The speaker's push comes in response to Columbia’s cancellation of its main commencement ceremony, which followed weeks of protests against the university’s investments in companies perceived as helping Israel in its war against Hamas.
“Because it is abundantly clear that President Shafik would rather cede control to Hamas supporters than restore order, Columbia’s Board of Trustees should immediately remove her and appoint a new president who will,” Speaker Johnson said. “Our once great universities desperately need strong moral leadership, now more than ever.”
The university president has shown a “shocking unwillingness” to control Columbia, according to Speaker Johnson.
"They’ve allowed outside agitators and terrorist-sympathizing students and faculty to rewrite campus rules and spew vile, anti-Jewish aggression,” he claimed. “Now, thousands of students who’ve worked hard to achieve their degrees will not get the recognition they deserve.”
Speaker Johnson has also demanded Shafik resign, saying the university allowed “lawless,” antisemitic agitators to take control.

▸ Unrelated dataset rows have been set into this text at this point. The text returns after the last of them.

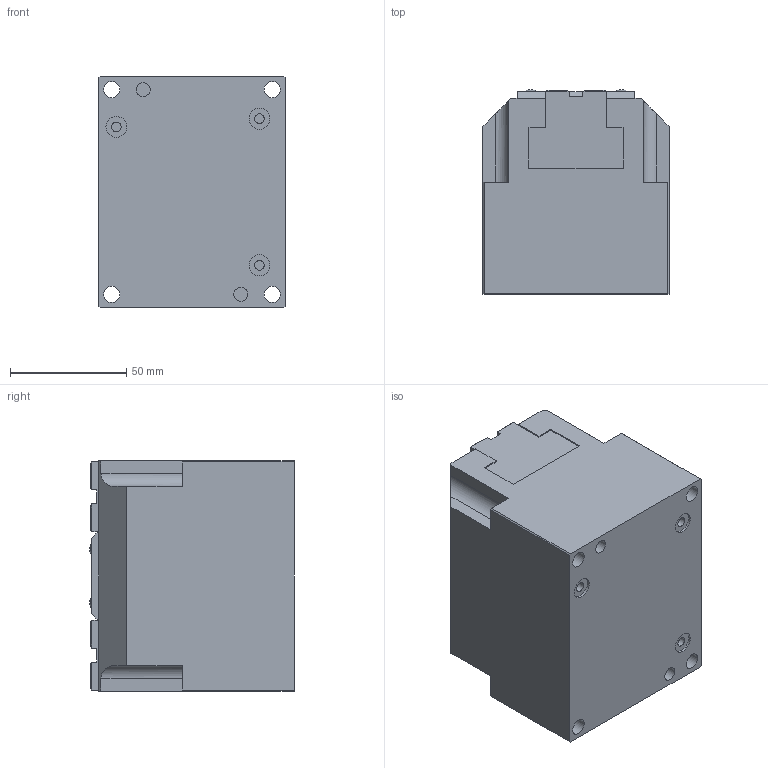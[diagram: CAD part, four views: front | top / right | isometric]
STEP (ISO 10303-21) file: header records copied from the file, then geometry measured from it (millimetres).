
FILE_DESCRIPTION(/* description */ (''),/* implementation_level */ '2;1');
FILE_NAME(/* name */ 'MAP-80.stp',/* time_stamp */ '2018-01-22T17:24:44+01:00',/* author */ ('Tecnico'),/* organization */ (''),/* preprocessor_version */ 'ST-DEVELOPER v16.13',/* originating_system */ 'Autodesk Inventor 2018',/* authorisation */ '');
FILE_SCHEMA (('AUTOMOTIVE_DESIGN { 1 0 10303 214 3 1 1 }'));
Length unit declared in the file: millimetre
Products named in the file (5): MAP-80; MAP-80-CORPO; MAP-80-GRIFFA; MAP-80-COPERCHIO; DIN 7985 (H) - M3x6-H
Assembly tree (8 placements, depth 2):
  MAP-80
    MAP-80-CORPO
    MAP-80-GRIFFA  x2
    MAP-80-COPERCHIO
    DIN 7985 (H) - M3x6-H  x4
Bounding box: 80 x 87.74 x 99 mm (x, y, z)
Volume: 635093.4 mm3; surface area: 81272.8 mm2
Topology: 8 solids, 8 shells, 332 faces, 840 edges, 540 vertices
Faces by surface type: plane 208, cone 72, cylinder 44, sphere 4, torus 4
Full cylindrical faces by diameter (mm): 2.459 x4, 2.75 x4, 3 x4, 3.5 x4, 4.134 x3, 4.917 x8, 6 x2, 6.2 x4, 7 x4, 9 x3
Entity records: 4928 total; most frequent: CARTESIAN_POINT 849, DIRECTION 820, ORIENTED_EDGE 732, EDGE_CURVE 366, AXIS2_PLACEMENT_3D 287, VERTEX_POINT 260, LINE 246, VECTOR 246
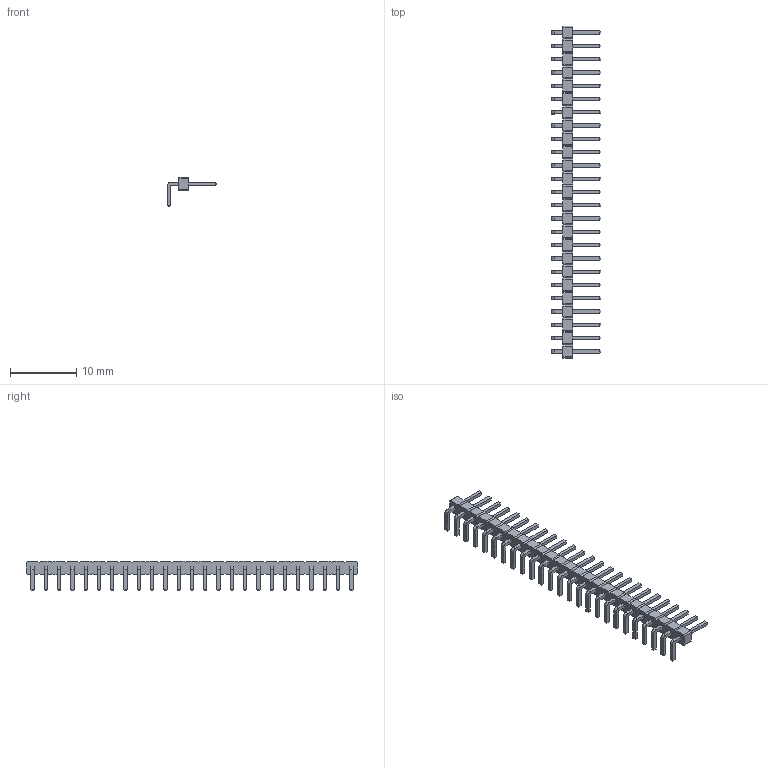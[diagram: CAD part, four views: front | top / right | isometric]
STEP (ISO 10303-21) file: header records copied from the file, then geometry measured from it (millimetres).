
FILE_DESCRIPTION(/* description */ ('model of PinHeader_1x25_P2.00mm_Horizontal'),/* implementation_level */ '2;1');
FILE_NAME(/* name */ 'PinHeader_1x25_P2.00mm_Horizontal.step',/* time_stamp */ '2017-12-02T02:24:14',/* author */ ('kicad StepUp','ksu'),/* organization */ ('FreeCAD'),/* preprocessor_version */ 'OCC',/* originating_system */ 'kicad StepUp',/* authorisation */ '');
FILE_SCHEMA(('AUTOMOTIVE_DESIGN_CC2 { 1 2 10303 214 -1 1 5 4 }'));
Length unit declared in the file: millimetre
Products named in the file (1): PinHeader_1x25_P200mm_Horizontal
Bounding box: 7.45 x 50 x 4.4 mm (x, y, z)
Volume: 202.6 mm3; surface area: 804.2 mm2
Topology: 1 solids, 1 shells, 679 faces, 1681 edges, 1054 vertices
Faces by surface type: plane 654, cylinder 25
Entity records: 24231 total; most frequent: CARTESIAN_POINT 3415, ORIENTED_EDGE 3362, DIRECTION 3091, EDGE_CURVE 1681, LINE 1631, VECTOR 1631, VERTEX_POINT 1054, AXIS2_PLACEMENT_3D 730

The speaker's latest call to the Board of Trustees came three days after Columbia's chapter of the American Association of University Professors (AAUP) demanded the school senate file a vote of no confidence in its president. The organization cited Shafik's decision to authorize the clearing of the protests.
“A vote of no confidence in the President and her administration is the only way to begin rebuilding our shattered community and re-establishing the University’s core values of free speech, the right to peaceful assembly and shared governance,” the AAUP said.
Shafik authorized the New York City Police Department (NYPD) last week to clear an academic building protesters broke into and barricaded themselves in. She accused the demonstrators at the time of crossing a “new line” by occupying Hamilton Hall. She also allowed NYPD last month to clear an encampment she alleged fostered a “harassing” and intimidating environment, citing the protesters’ purported violations of university policies.
“The turmoil and tension, division and disruption have impacted the entire community,” Shafik said Friday. “No matter where you stand on any issue, Columbia should be a community that feels welcoming and safe for everyone.”Columbia has barred some student protesters from campus while threatening suspensions and expulsions. Columbia University Apartheid Divest (CUAD), one of the encampment’s organizing groups, argued Shafik’s actions were militaristic.